Tears in Parma as Ireland’s loss to Scotland leaves World Cup dreams in tatters

Defeat marks a low point for Irish women’s rugby

Dejected Irish players at the final whistle in Parma after Scotland secured a late win the Rugby World Cup European Qualifying Tournament. Photograph: Matteo Ciambelli/Inpho

Dejected Irish players at the final whistle in Parma after Scotland secured a late win the Rugby World Cup European Qualifying Tournament. Photograph: Matteo Ciambelli/Inpho

 

All smiles at Thomond Park and the Aviva Stadium, not least a beaming Simon Zebo after his two-try return, as both Munster and Leinster completed entertaining bonus-point wins over the Sharks and the Bulls in the United Rugby Championship.

But it was all tears in the Stadio Sergio Lanfranchi in Parma for the Irish women’s team after their dreams of qualifying for the 2022 World Cup in New Zealand ended with a 20-18 defeat at the hands of Scotland.

A try with the last play of the match by winger Chloe Rollie and the conversion by replacement outhalf Sarah Law with the last kick of the European qualifying tournament earned Scotland a place in the repechage against Samoa, Colombia and an Asian qualifier. Scotland will be warm favourites to advance to New Zealand.

The 20-18 defeat was a heartbreaking blow for the squad and marks a low point for Irish women’s rugby, as well as a damaging night for head coach Adam Griggs, the IRFU and the performance director David Nuicfora, as the sport in this country misses out on the exposure which would have ensued from competing in the World Cup.

Ireland should not be losing to Scotland, and certainly not to Spain, who beat Ireland 8-7 in the opening round before ultimately finishing bottom after Italy secured a bonus-point 34-10 win over them earlier in the day.

That secured automatic qualification for Italy, although in a cart-before-the-horse performance Ireland appeared to be chasing the bonus point from the off rather than the win (or draw) that would have earned a place in the repechage.

The failed campaign probably means there will be no more World Cups for the remarkable Lindsay Peat or the last two links with the 2013 Grand Slam, 2014 World Cup semi-final – after beating New Zealand – and the 2015 Six Nations title, Sene Naoupu and Claire Molloy, after brilliant careers.

“It’s devastating,” said Fiona Coghlan, the Grand Slam-winning captain, on RTÉ in the demoralising moments after the full-time whistle. “Obviously devastating for Irish rugby.

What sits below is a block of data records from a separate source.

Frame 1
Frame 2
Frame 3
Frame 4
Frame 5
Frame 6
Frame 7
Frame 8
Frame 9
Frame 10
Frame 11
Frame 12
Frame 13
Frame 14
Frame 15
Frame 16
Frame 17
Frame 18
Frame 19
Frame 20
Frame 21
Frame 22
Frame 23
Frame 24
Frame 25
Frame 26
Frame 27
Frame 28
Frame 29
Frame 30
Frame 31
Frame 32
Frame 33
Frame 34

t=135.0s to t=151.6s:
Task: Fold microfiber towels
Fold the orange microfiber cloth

What do you say? A competition that you were going in as favourites, you slip up in the first game, you recover in the second, you go into this game as favourites and you have to credit Scotland, they fought us to the bitter end and it’s a killer blow.

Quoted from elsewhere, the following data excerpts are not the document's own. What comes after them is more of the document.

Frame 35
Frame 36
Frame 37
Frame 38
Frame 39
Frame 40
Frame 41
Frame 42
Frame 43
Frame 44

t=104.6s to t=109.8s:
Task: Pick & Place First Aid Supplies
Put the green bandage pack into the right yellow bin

“It’s a low point for Irish rugby. The 2017 World Cup was a low point in Irish rugby, we’ve reached an even lower now by not going forward to the next World Cup.”

Leinster fans celebrate a try during the United Rugby Championship game against the Vodafone Bulls at the Aviva Stadium. Photograph: Ryan Byrne/Inpho
Leinster fans celebrate a try during the United Rugby Championship game against the Vodafone Bulls at the Aviva Stadium. Photograph: Ryan Byrne/Inpho

As those events were unfolding, a highly motivated Leinster were on course for an impressive first outing in the URC, the Pro14 four-in-a-row champions beating the Bulls, who retained their Currie Cup crown a fortnight ago, by 31-3.

Munster, the Pro14 runners-up, followed that up with a six tries to two, 42-17 win over the Sharks, beaten finalists in the Currie Cup.

Yet there was enough in both of the performances by the South African franchises to suggest they will be competitive in the rebranded competition. Leo Cullen admitted that the scoreline did not reflect the contest, attended by 19,419.

Noting that the Bulls would have celebrated their Currie Cup success and had time off before travelling to Europe, Cullen said: “I wouldn’t say it was easy. You look at some of our players and they are pretty exhausted in the dressingroom after it and they were pretty exhausted if you looked at them at different stages of the game as well.

“There was a big swing just before half-time when we managed to hold them out and gave away a few penalties and we rode our luck a bit, so I don’t think the score really reflected the game. I wouldn’t be underestimating the Bulls in the future. They are a very dangerous team.”

Allowances also had to made for home advantage, especially given the travel distance.

“It’s so strange for some of their guys travelling here, a lot of them for the first time,” said Cullen. “We got that when we played the Cheetahs the first time we went to Bloemfontein, ” he added, in reference to a 38-19 defeat in September 2017. “I’ve never been to Pretoria myself but from what I gather it’s an intimidating atmosphere and particularly when they have supporters back.”